# Norm of a Bounded Linear Operator

• December 30th 2008, 10:19 PM
HTale
Norm of a Bounded Linear Operator
Sorry to be asking so many questions! I'm confused by the definition of the norm of a bounded linear operator,

If $B$ is bounded we define its norm by the equality

$||B|| := \inf\{ C: ||Bx|| \leq C||x||, \forall x \in X \}$

where $X$ is a vector space. I don't quite understand how the infimum fits into all of this. Any explanations would be excellent. Then, related to that, how is this the case

$||B|| = \inf\{ C: ||Bx|| \leq C||x||, \forall x \,\, \text{s.t} \,\, ||x||\leq 1 \} = \sup\{||Bx|| : ||x||=1 \},$

and why can I make this assertion? Thank you so much in advance, and happy new year!
• December 31st 2008, 03:26 AM
HTale
OK, so here's my thinking so far; by definition, we measure the operator norm $||B||$ in such a way that we take the smallest such $C$ such that the operator $B$ is still bounded. But that is the same as saying, we pick the maximal $||Bx||$ such that for any $C$, we have it is bounded, and hence our equality. Am I on the right lines? How do I put this all formally?
• December 31st 2008, 10:24 AM
Opalg
Quote:

Originally Posted by HTale
If $B$ is bounded we define its norm by the equality

$||B|| := \inf\{ C: ||Bx|| \leq C||x||, \forall x \in X \}$

where $X$ is a vector space. I don't quite understand how the infimum fits into all of this. Any explanations would be excellent. Then, related to that, how is this the case

$||B|| = \inf\{ C: ||Bx|| \leq C||x||, \forall x \,\, \text{s.t} \,\, ||x||\leq 1 \} = \sup\{||Bx|| : ||x||=1 \},$

and why can I make this assertion?

Let's define a "sup" norm $\|B\|_s := \sup\{||Bx|| : ||x||=1 \}$, and an "inf" norm $||B||_i := \inf\{ C: ||Bx|| \leqslant C||x||, \forall x \in X \}$. We want to show that $\|B\|_s = \|B\|_i$.

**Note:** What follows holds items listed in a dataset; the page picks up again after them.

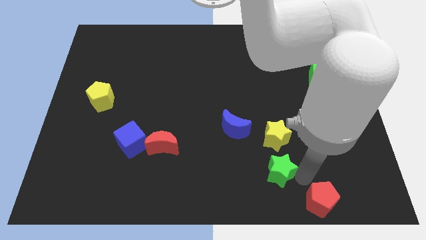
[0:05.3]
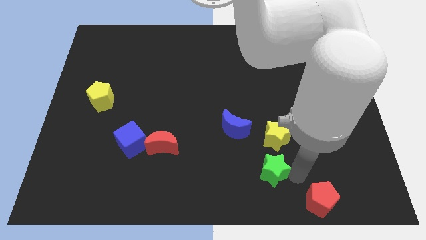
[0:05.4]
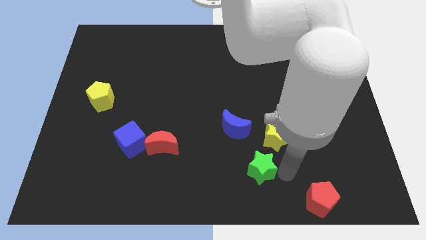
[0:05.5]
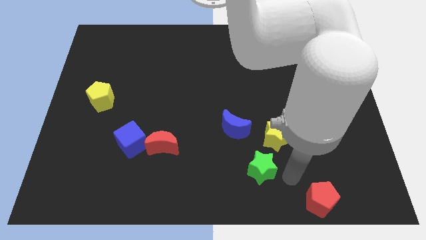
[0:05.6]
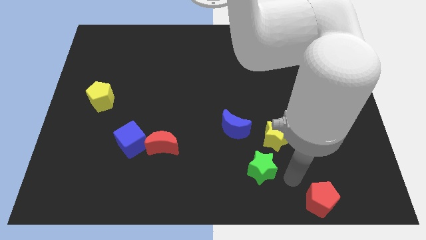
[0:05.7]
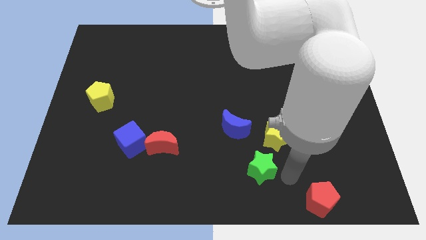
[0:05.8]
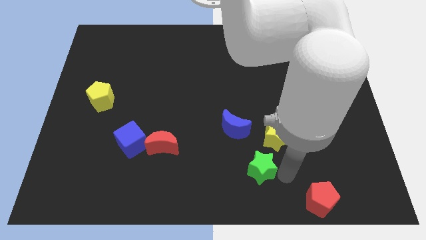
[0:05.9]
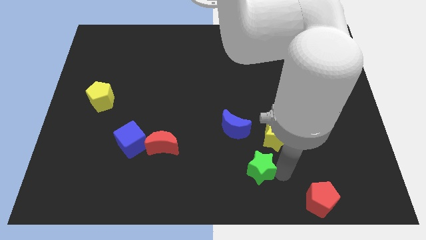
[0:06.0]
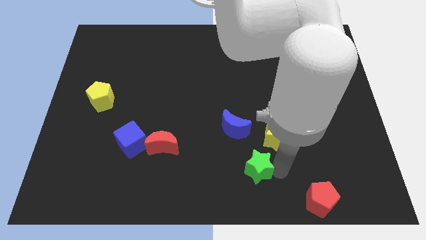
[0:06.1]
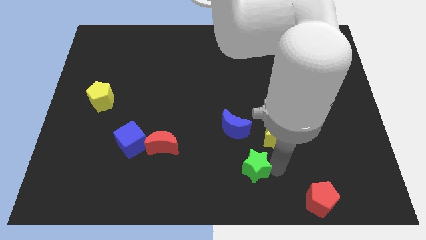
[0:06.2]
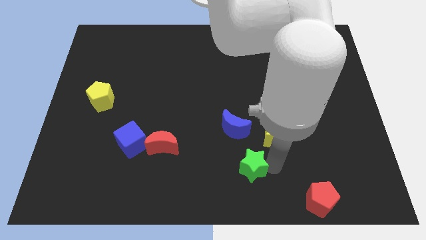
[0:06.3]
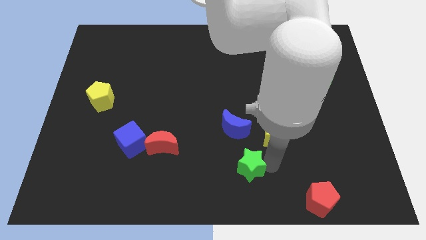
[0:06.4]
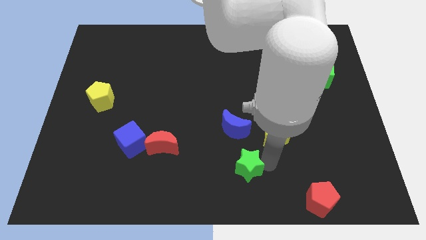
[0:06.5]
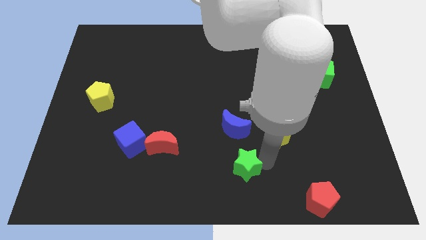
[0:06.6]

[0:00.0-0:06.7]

First note that for any nonzero vector x, $\left\|\tfrac {\textstyle x}{\|x\|}\right\| = 1$. Therefore $\left\|B\tfrac {\textstyle x}{\|x\|}\right\|\leqslant \|B\|_s$. Multiply through by $\|x\|$ to see that $\|Bx\|\leqslant \|B\|_s\|x\|$ for all x. Therefore $\|B\|_s$ is a possible value for C in the definition of $\|B\|_i$. It follows that $\|B\|_i\leqslant\|B\|_s$.

For the reverse inequality, note that if $C>\|B\|_i$ then $\|Bx\|\leqslant C\|x\|$ for all x. In particular, $\|Bx\|\leqslant C$ for all x with $\|x\|=1$ and so $\|B\|_s\leqslant C$. Taking the inf over all such C, you see that $\|B\|_s\leqslant\|B\|_i$.
• January 1st 2009, 07:39 AM
HTale
Thank you Opalg, that explains it perfectly.